|No more "searching X billion pages"|
Just saw it was gone
I just saw that the Google homepage no longer mentions some weird number of pages that the search engine is supposed to have included in the index.
How new is this?
It's been a while now. I think it vanished around the time that it became very clear they were counting urls (what is a "page" anyway?) and had started to index all kinds of duplicate and spurious urls - anything that had a chance of resolving.
G and Y both seemed to give up on "bigger is better" right at the same time. The number I remember is 18 billion or some such insanity. Sorry, I can't come up with a date.
Google has had a very hard time accurately counting/reporting the number of pages in their index for ... well, ever since they began counting/reporting the number of pages in their index!

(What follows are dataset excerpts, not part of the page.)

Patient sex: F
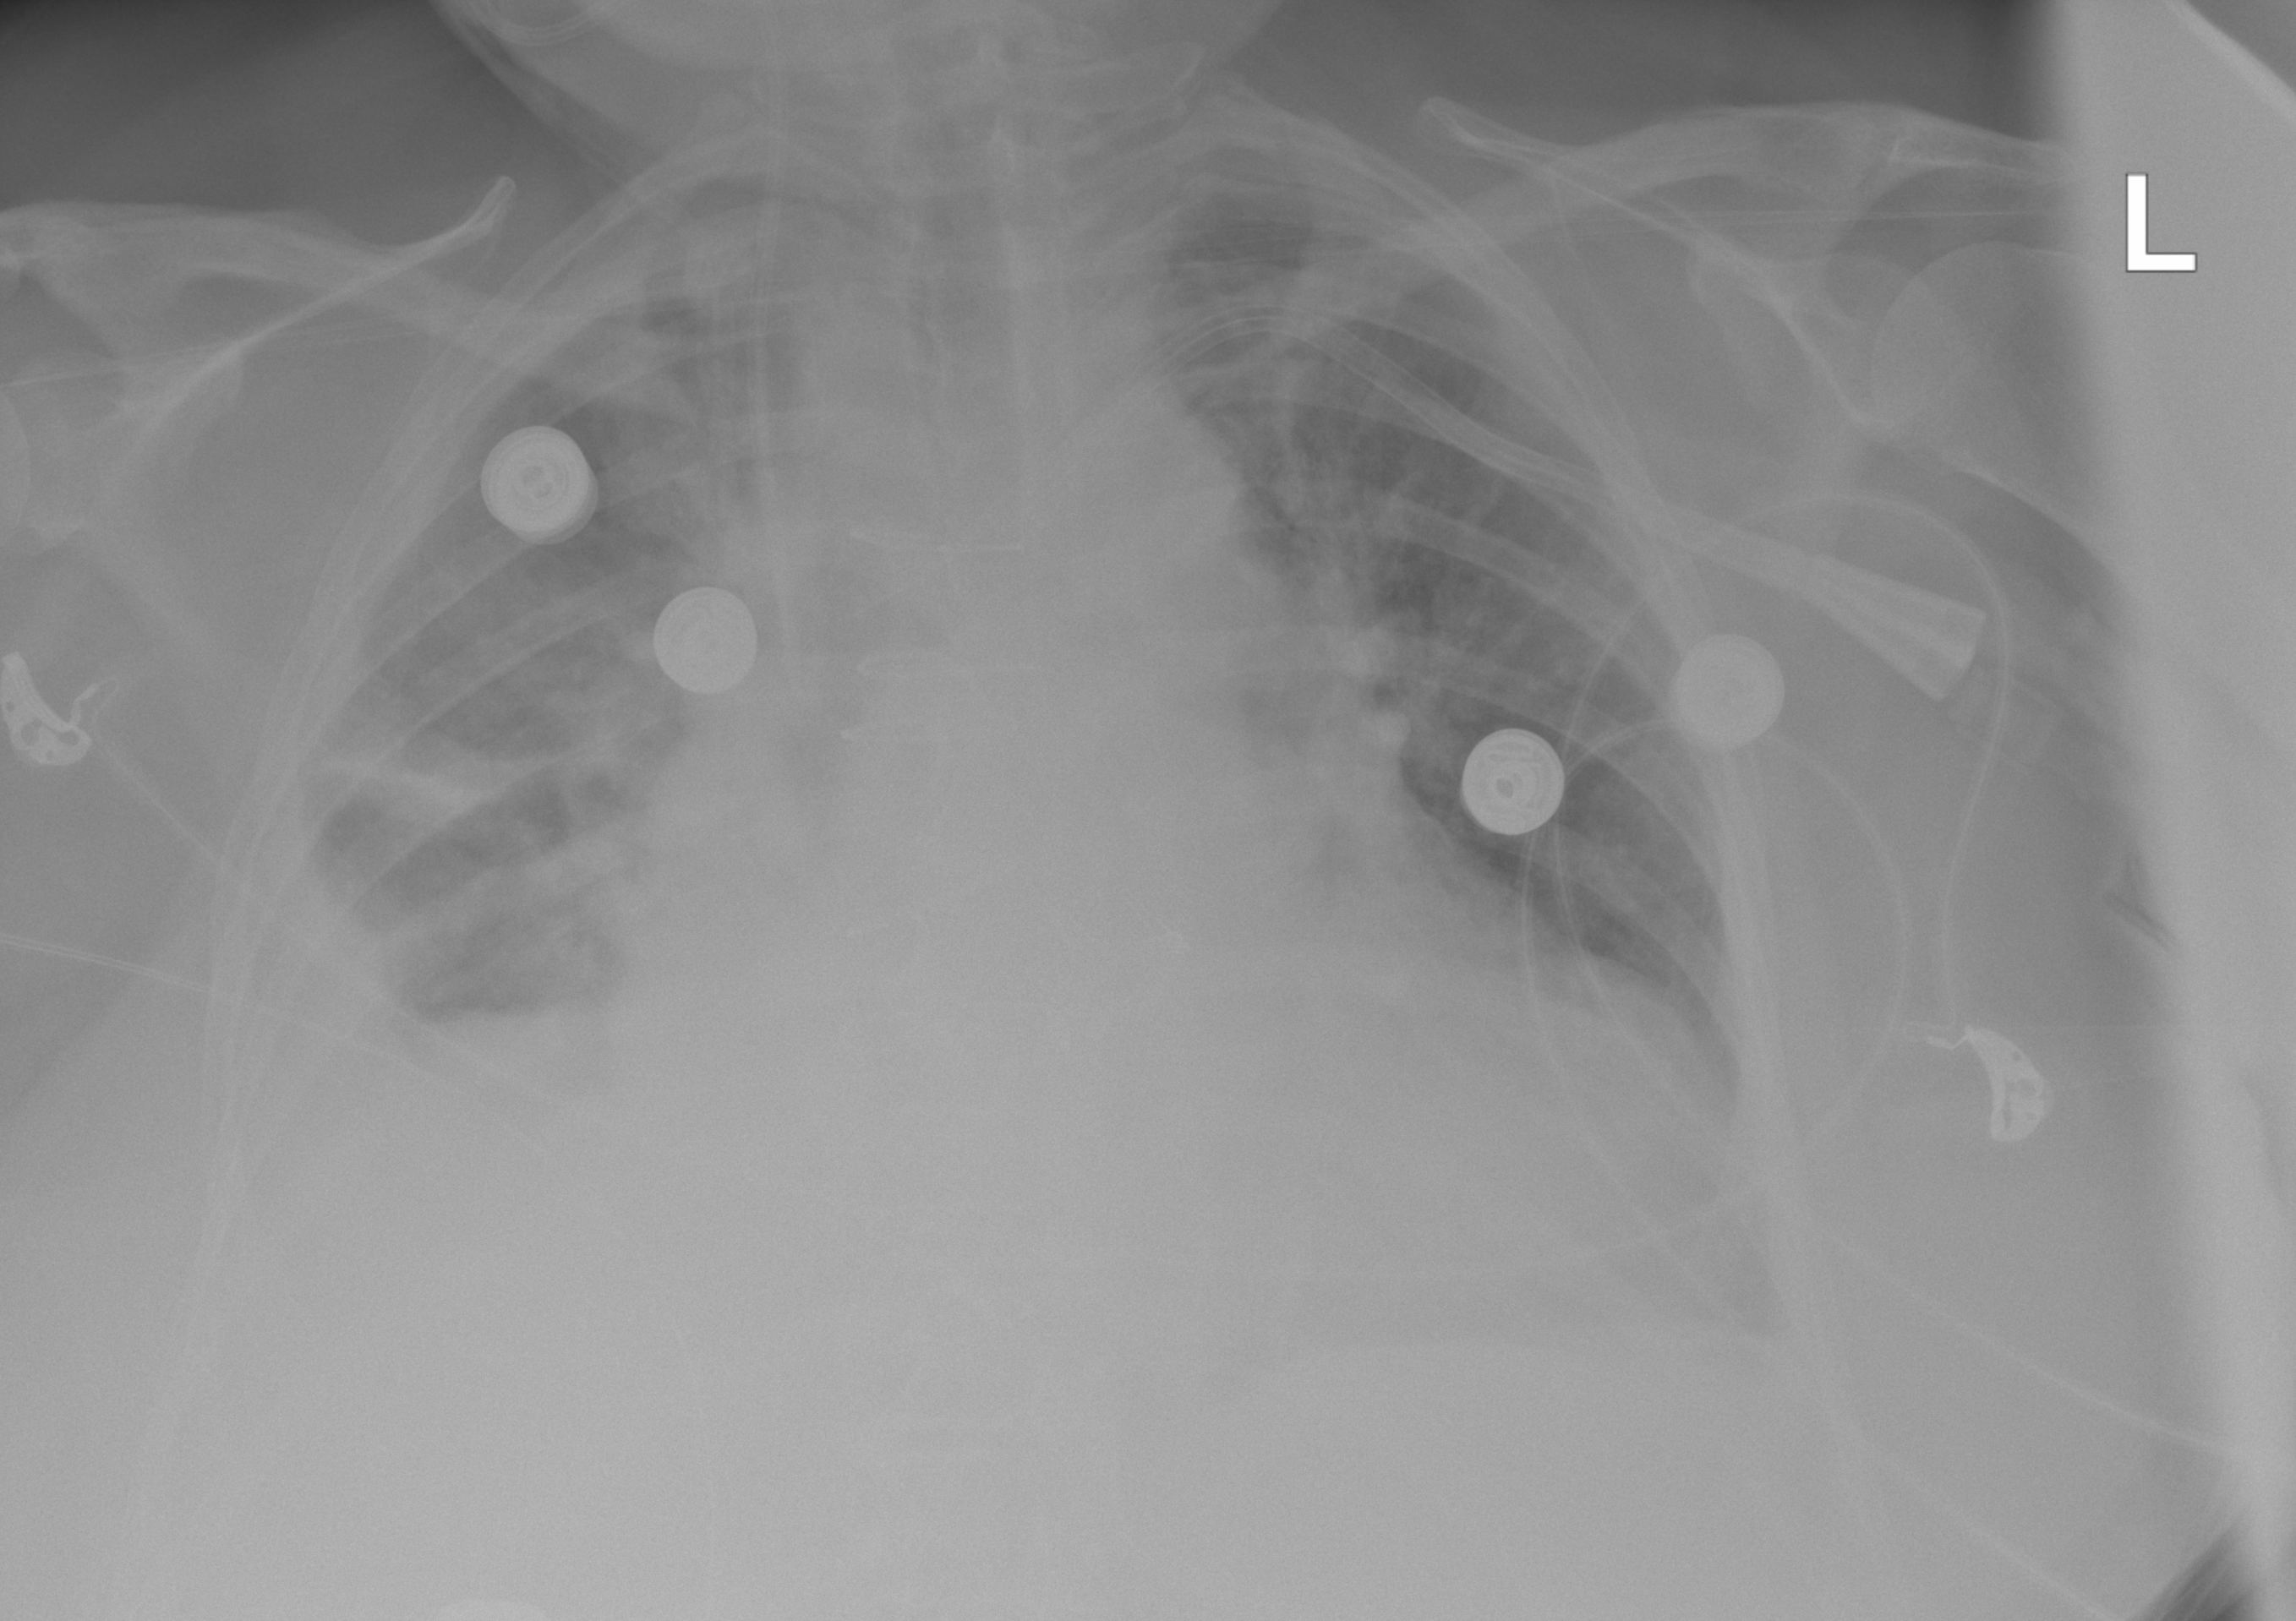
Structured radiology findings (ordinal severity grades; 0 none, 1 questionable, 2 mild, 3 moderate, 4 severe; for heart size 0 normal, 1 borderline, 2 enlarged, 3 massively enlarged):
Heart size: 2
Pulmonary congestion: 2
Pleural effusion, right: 3
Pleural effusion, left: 0
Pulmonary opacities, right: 2
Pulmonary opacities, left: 1
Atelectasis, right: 2
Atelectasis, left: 1

At least they recognized the fact that it was a silly and completely meaningless (not to mention inaccurate) bit of self promotion and have removed it!

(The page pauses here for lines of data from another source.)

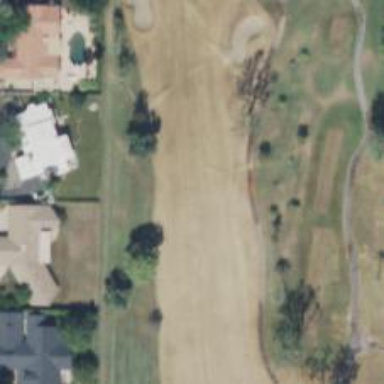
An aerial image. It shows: Golf hole.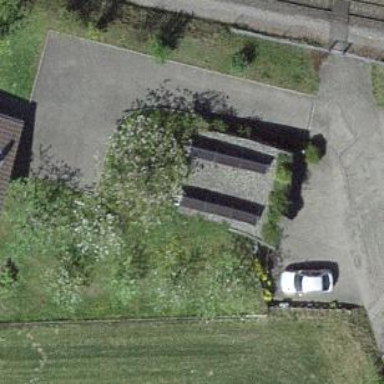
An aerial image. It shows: Garage building.
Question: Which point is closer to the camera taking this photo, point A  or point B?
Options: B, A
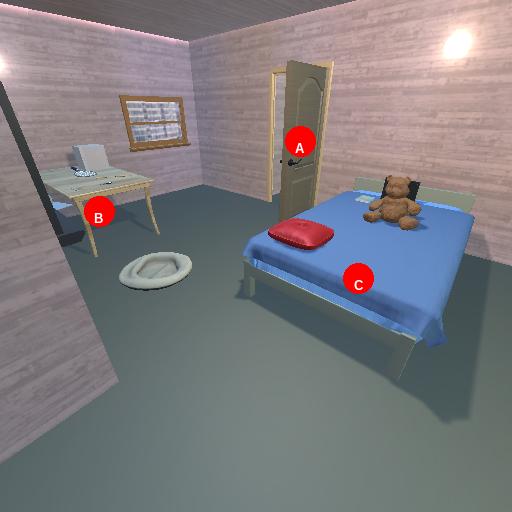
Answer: B
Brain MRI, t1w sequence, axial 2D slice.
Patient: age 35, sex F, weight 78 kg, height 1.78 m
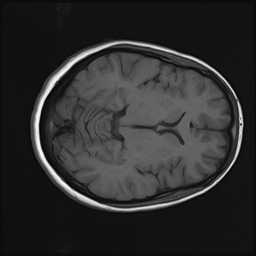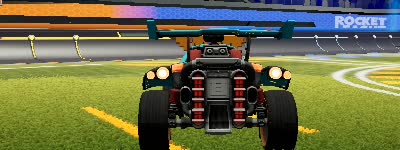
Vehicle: octane
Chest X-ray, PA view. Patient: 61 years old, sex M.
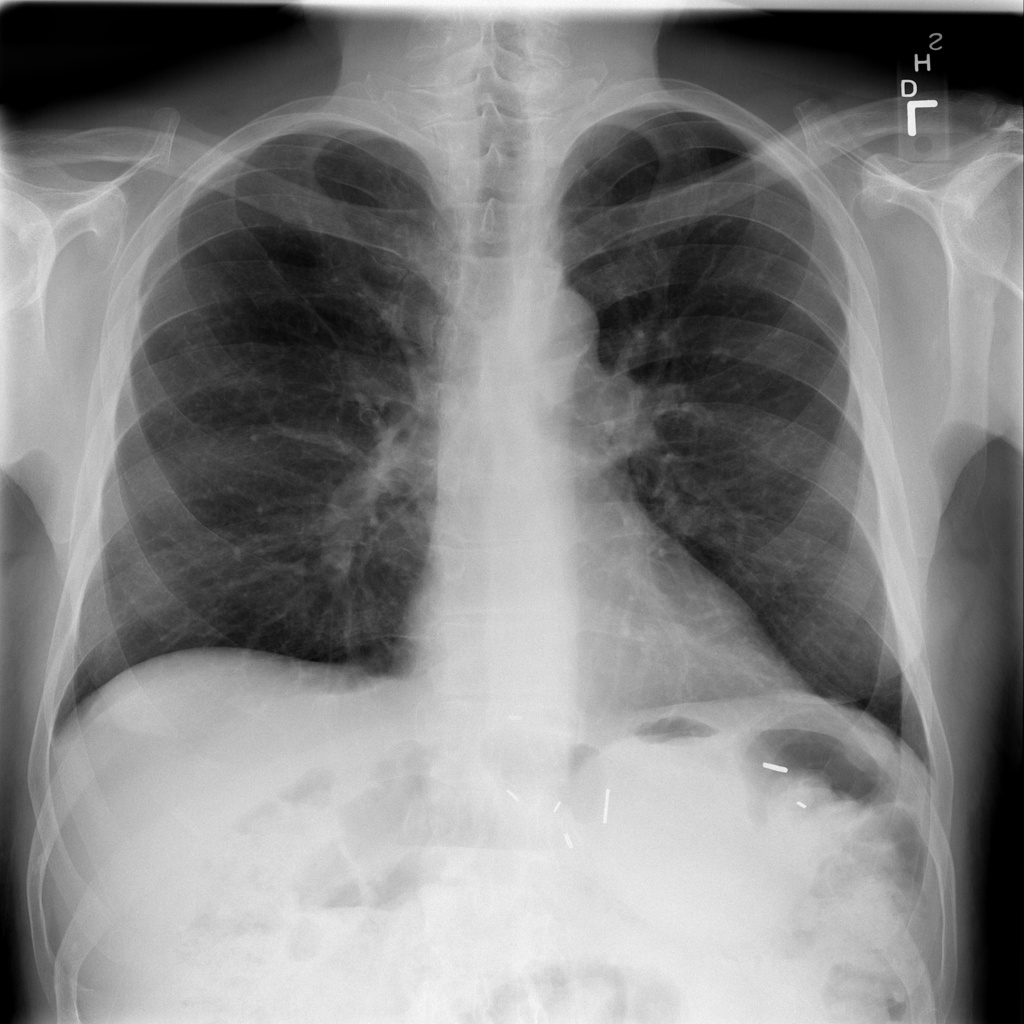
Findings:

In March, 2005 Google claimed the following:
©2005 Google - Searching 8,058,044,651 web pages
Here's an old thread which you may find interesting (you may even remember participating) Claus: [webmasterworld.com...]
The last cached page that the WayBack Machine has on record for Google (or any other site for that matter) is from March 31, 2005. Google still showed the number of pages indexed at that point, but to be honest, I never noticed it had disappeared as I never believed the figures anyway!

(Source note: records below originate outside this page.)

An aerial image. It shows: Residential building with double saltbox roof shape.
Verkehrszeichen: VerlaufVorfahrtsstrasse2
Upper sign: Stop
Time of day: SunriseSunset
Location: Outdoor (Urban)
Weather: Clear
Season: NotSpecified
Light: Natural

By the way, do any of you remember this from December, 1998? Its worth a giggle!
And I just love this page:
OT - Am I the only one around here who wasn't aware that the Wayback Machine died on April 1, 2005? Too bad, it was a really good/fun tool!
|OT - Am I the only one around here who wasn't aware that the Wayback Machine died on April 1, 2005? Too bad, it was a really good/fun tool! |
OT - :( :( :( I really liked it. But where did you read about it? I can't find this information anywhere... ah - now I can see that there are no caches after that date, but maybe these are just temporary problems?
Hi konrad ... somehow I have a hard time believing that 13 months might be a "temporary" thing! :(
"Why are there no recent archives in the Wayback Machine?
We do not add pages less than 6 months after they are collected, because of the time delayed donation from Alexa. Updates can take up to 12 months in some cases. "
thats why its called the 'way back' machine LOL
Or try this:
My alma mater makes page 1 out of 25 billion urls! Of course, it's not all that well targeted.
Ah, so it's not just me that can't see it anymore, that's good to know ;)
As we only get =< 1,000 results returned anyway and have no possibility for control, strictly speaking they could just generate a random number.
I have always had the assumption that Google only indexed "some fraction" of the pages on the www, plus that a lot of "pages" were really just different URLs, not different pages.
However, I have assumed this fraction to be more or less constant (actually growing, but not as fast as the web grows), so that you could use the figure as a very rough indicator for the growth rate of the web, in terms of published documents.